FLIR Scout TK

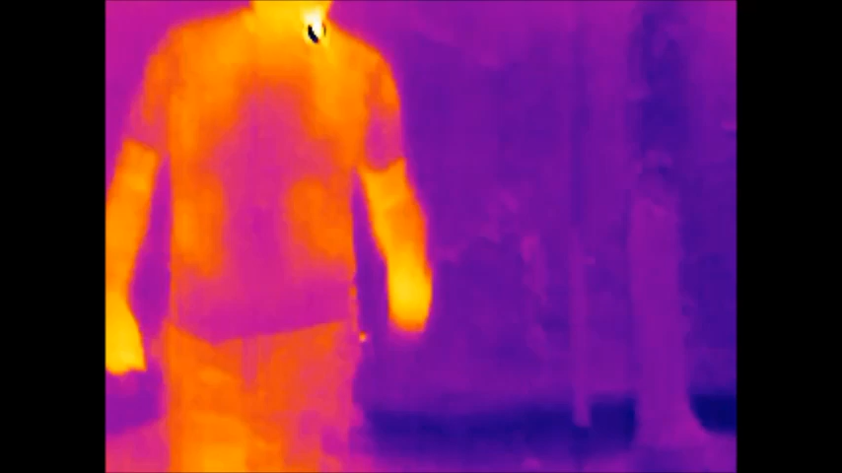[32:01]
to me the iron gives more of a true outline of a animal or a person
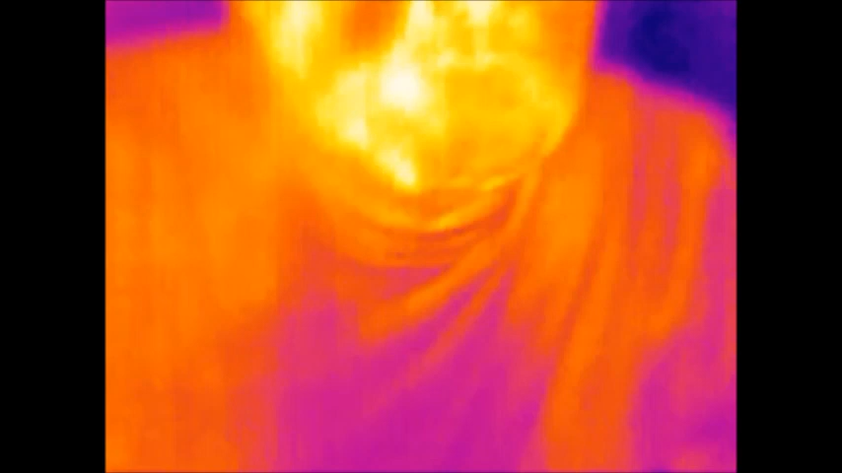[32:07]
more crisp sharper edges around the human dog
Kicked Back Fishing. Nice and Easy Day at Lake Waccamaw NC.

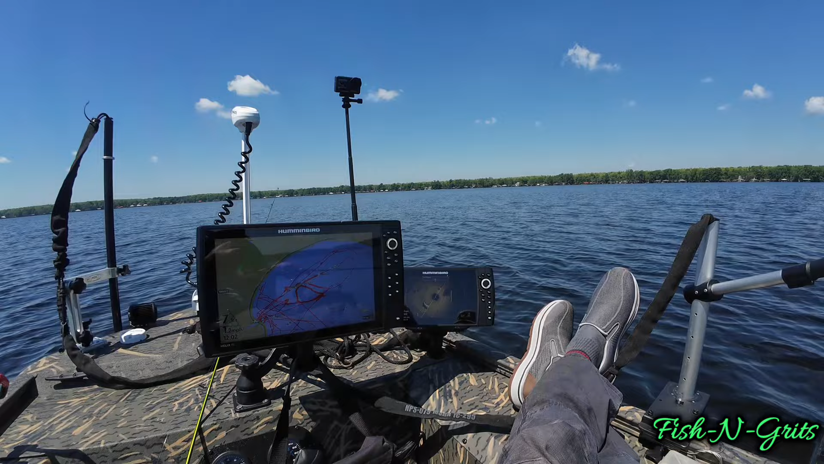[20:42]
I got the 360 spinning over there just so I can see the weed beds and kind of pay attention to what's coming up and, you know, trying to pattern things. But that's it. Look, see, I'm just driving around. I hit the mark button when I hit fish. This is our today's path as we came out. Swung. I think I turned right here, swung out, turned back around.
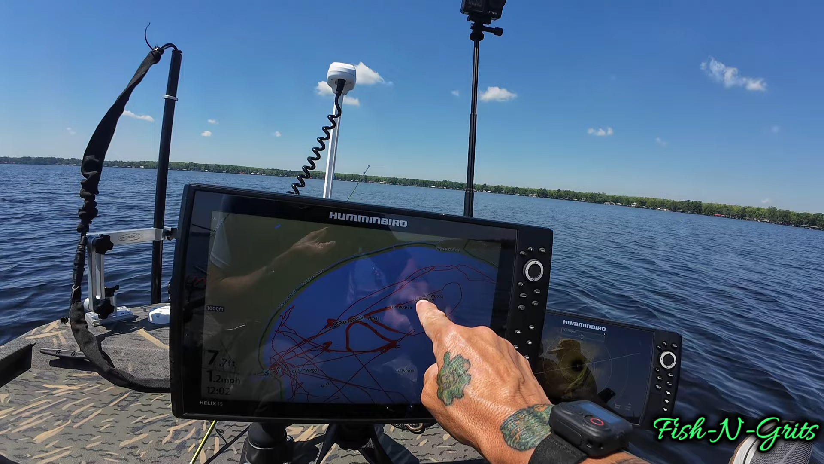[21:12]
We passed through this area two or three times. We hit that crappie right in here. So we went back and forth, stopped and threw some minnows on some weed pods. But that's it. There's one that's behind us. There's one up to our left. That's a shadow of my trolling motor. So ignore that. Looking, that is that one. We've already passed it, so it's refreshing.
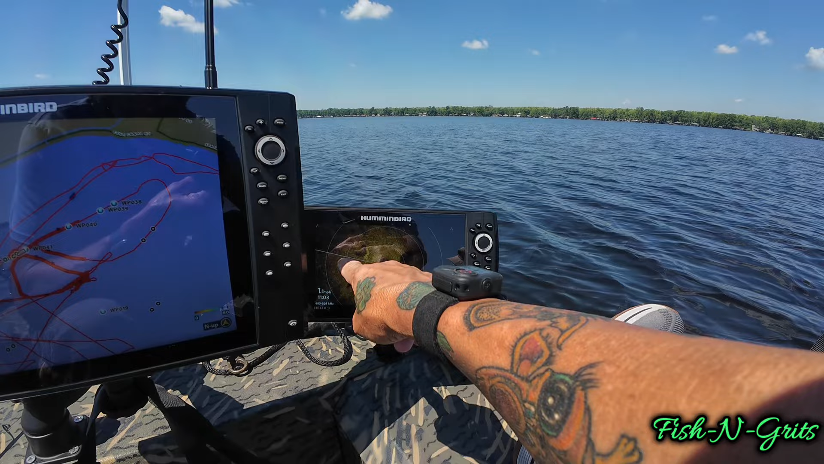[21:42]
I always look right behind the line. See, there's one up to the left, but that's all it is. It's just big pods of weeds. We seem to be doing better today in the weeds than out of them.
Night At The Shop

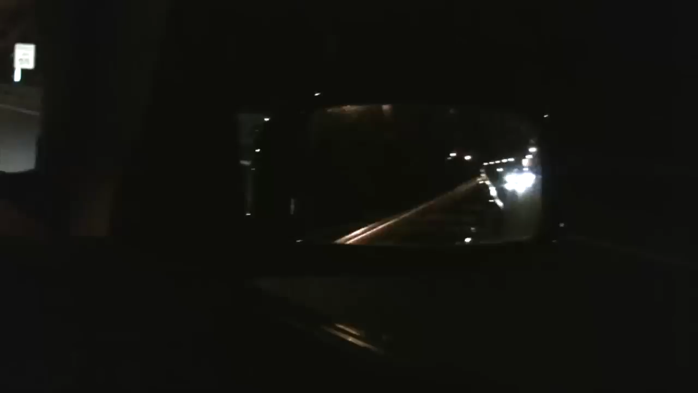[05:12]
Look, you got it by at least 15 cars. The red vs. red vs. somehow an Audi got in the mix here, so we'll see what happens.
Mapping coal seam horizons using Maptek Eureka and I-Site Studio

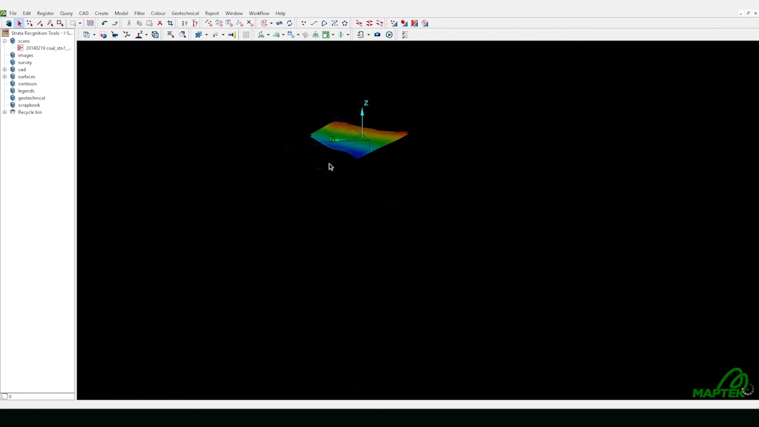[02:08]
Compare drill hole data against 3D scans to model seam.
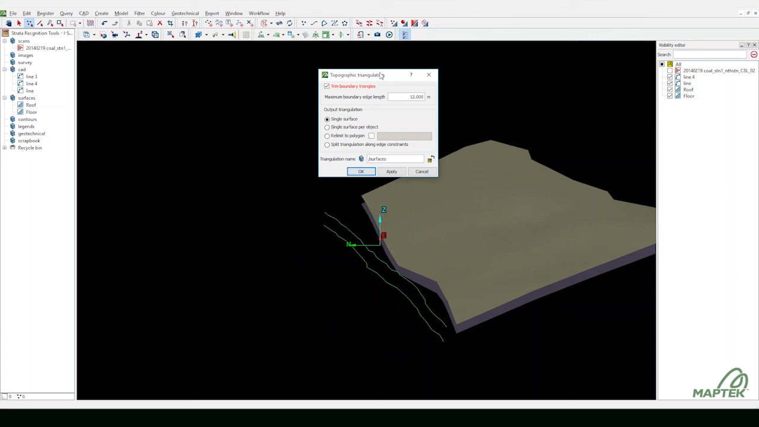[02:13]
Extend the surface to the scan to accurately map the model. Color the seam by thickness and view it as a histogram.
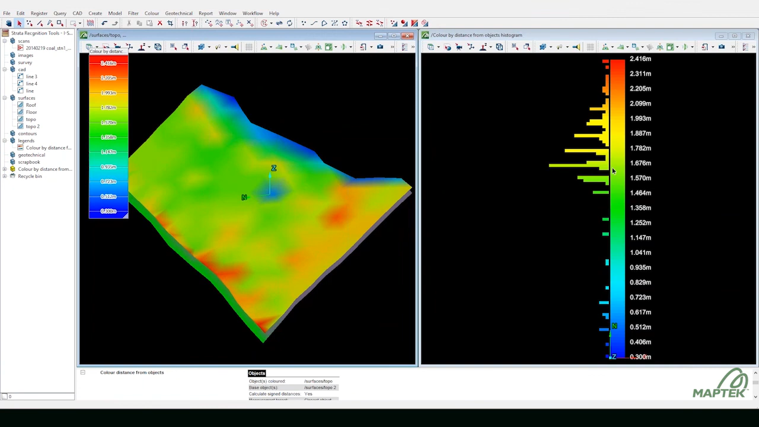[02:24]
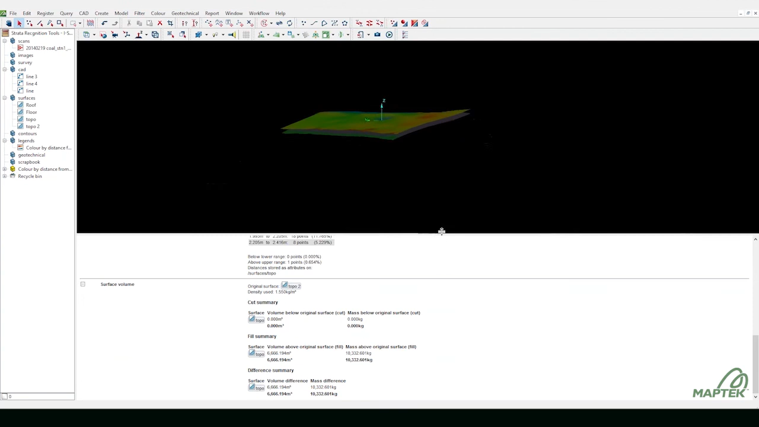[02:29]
Calculate and display seam volume and mass.

▶ _To do_
Each record above has to be written out again in full, but its pictures must not be.

▶ _Task answer_
FLIR Scout TK

[32:01]
to me the iron gives more of a true outline of a animal or a person
[32:07]
more crisp sharper edges around the human dog
Kicked Back Fishing. Nice and Easy Day at Lake Waccamaw NC.

[20:42]
I got the 360 spinning over there just so I can see the weed beds and kind of pay attention to what's coming up and, you know, trying to pattern things. But that's it. Look, see, I'm just driving around. I hit the mark button when I hit fish. This is our today's path as we came out. Swung. I think I turned right here, swung out, turned back around.
[21:12]
We passed through this area two or three times. We hit that crappie right in here. So we went back and forth, stopped and threw some minnows on some weed pods. But that's it. There's one that's behind us. There's one up to our left. That's a shadow of my trolling motor. So ignore that. Looking, that is that one. We've already passed it, so it's refreshing.
[21:42]
I always look right behind the line. See, there's one up to the left, but that's all it is. It's just big pods of weeds. We seem to be doing better today in the weeds than out of them.
Night At The Shop

[05:12]
Look, you got it by at least 15 cars. The red vs. red vs. somehow an Audi got in the mix here, so we'll see what happens.
Mapping coal seam horizons using Maptek Eureka and I-Site Studio

[02:08]
Compare drill hole data against 3D scans to model seam.
[02:13]
Extend the surface to the scan to accurately map the model. Color the seam by thickness and view it as a histogram.
[02:24]
[02:29]
Calculate and display seam volume and mass.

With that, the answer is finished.